About this exercise:
All records, minus the pictures: write them out exactly.

Given records:
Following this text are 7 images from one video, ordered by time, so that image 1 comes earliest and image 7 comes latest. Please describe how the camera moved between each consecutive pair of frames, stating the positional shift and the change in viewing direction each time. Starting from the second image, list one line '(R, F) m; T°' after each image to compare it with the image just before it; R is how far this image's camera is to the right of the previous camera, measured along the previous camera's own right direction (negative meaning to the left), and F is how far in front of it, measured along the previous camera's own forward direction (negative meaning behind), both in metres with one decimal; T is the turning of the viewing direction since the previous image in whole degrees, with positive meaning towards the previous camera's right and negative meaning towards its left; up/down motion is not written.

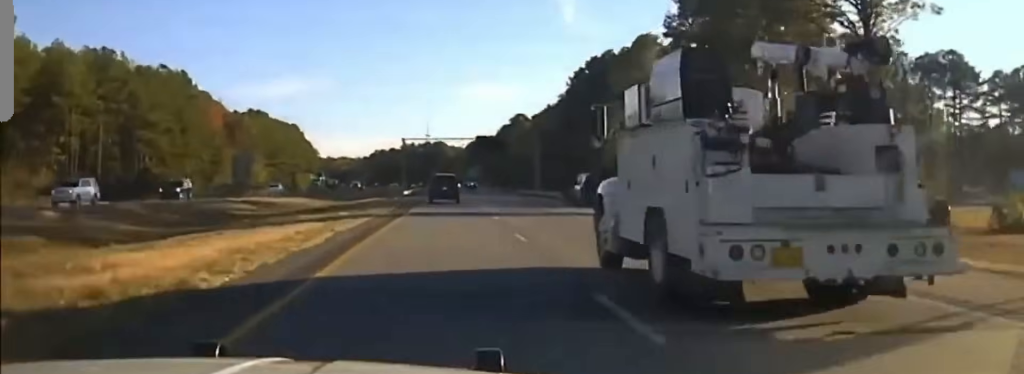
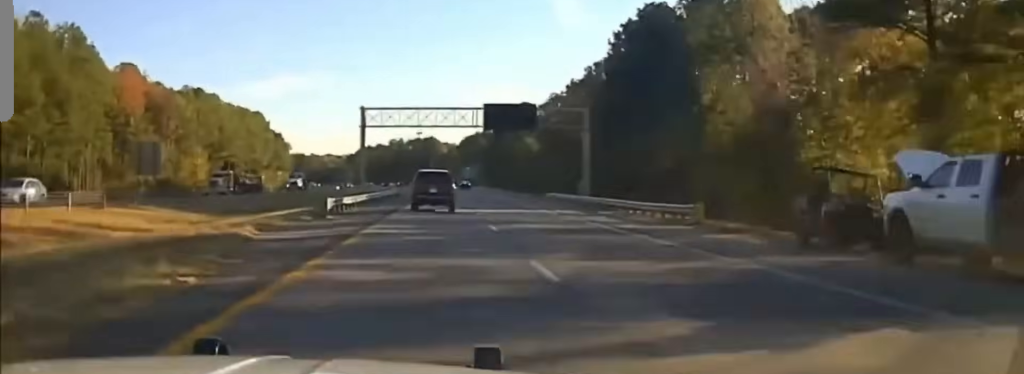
(+0.3, +43.7) m; 0°
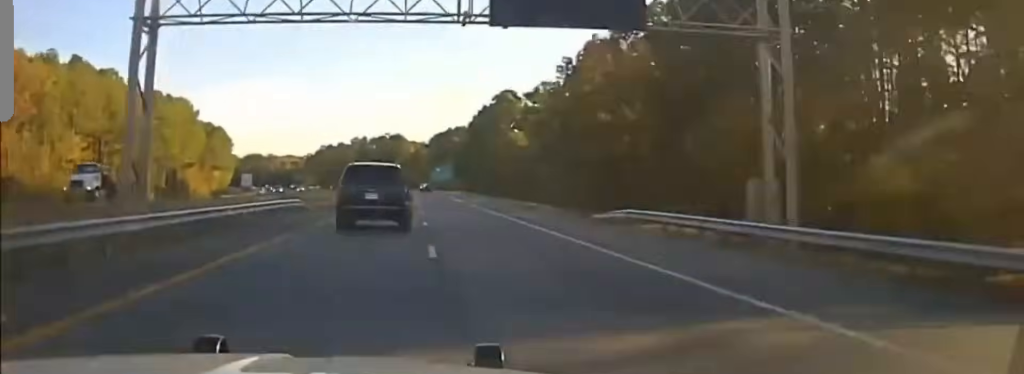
(-0.2, +42.7) m; 0°
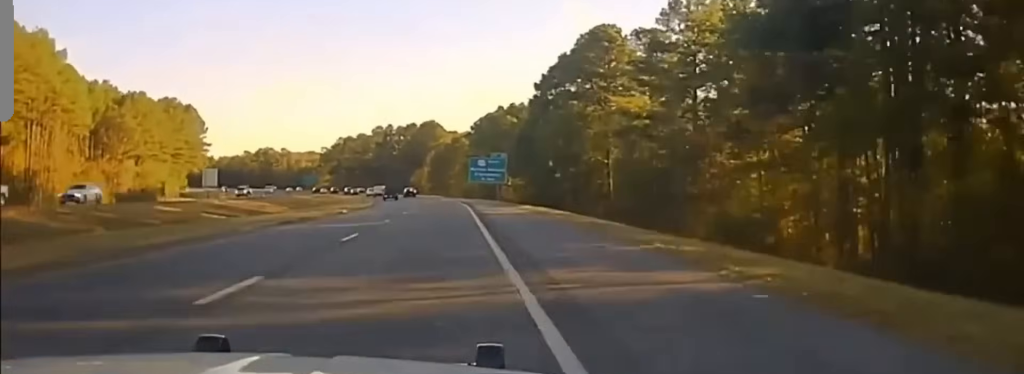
(-0.3, +91.9) m; 0°
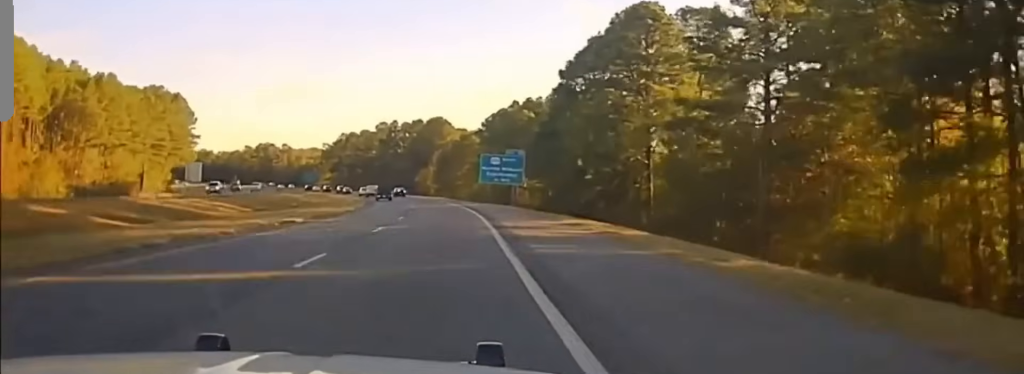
(0.0, +21.0) m; 0°
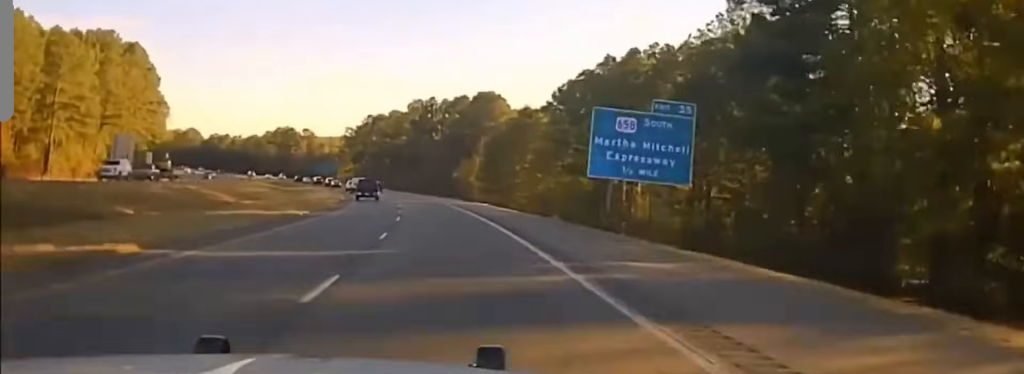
(0.0, +67.1) m; -2°
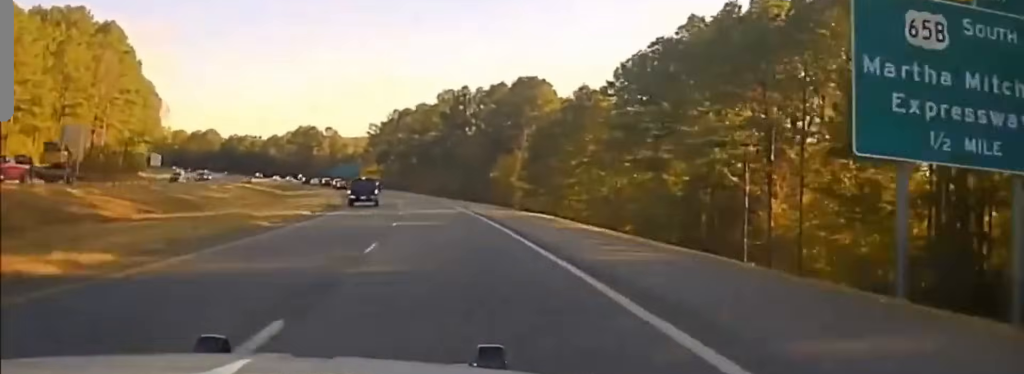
(+0.2, +29.0) m; -2°

Completed task:
Following this text are 7 images from one video, ordered by time, so that image 1 comes earliest and image 7 comes latest. Please describe how the camera moved between each consecutive pair of frames, stating the positional shift and the change in viewing direction each time. Starting from the second image, list one line '(R, F) m; T°' after each image to compare it with the image just before it; R is how far this image's camera is to the right of the previous camera, measured along the previous camera's own right direction (negative meaning to the left), and F is how far in front of it, measured along the previous camera's own forward direction (negative meaning behind), both in metres with one decimal; T is the turning of the viewing direction since the previous image in whole degrees, with positive meaning towards the previous camera's right and negative meaning towards its left; up/down motion is not written.

(+0.3, +43.7) m; 0°
(-0.2, +42.7) m; 0°
(-0.3, +91.9) m; 0°
(0.0, +21.0) m; 0°
(0.0, +67.1) m; -2°
(+0.2, +29.0) m; -2°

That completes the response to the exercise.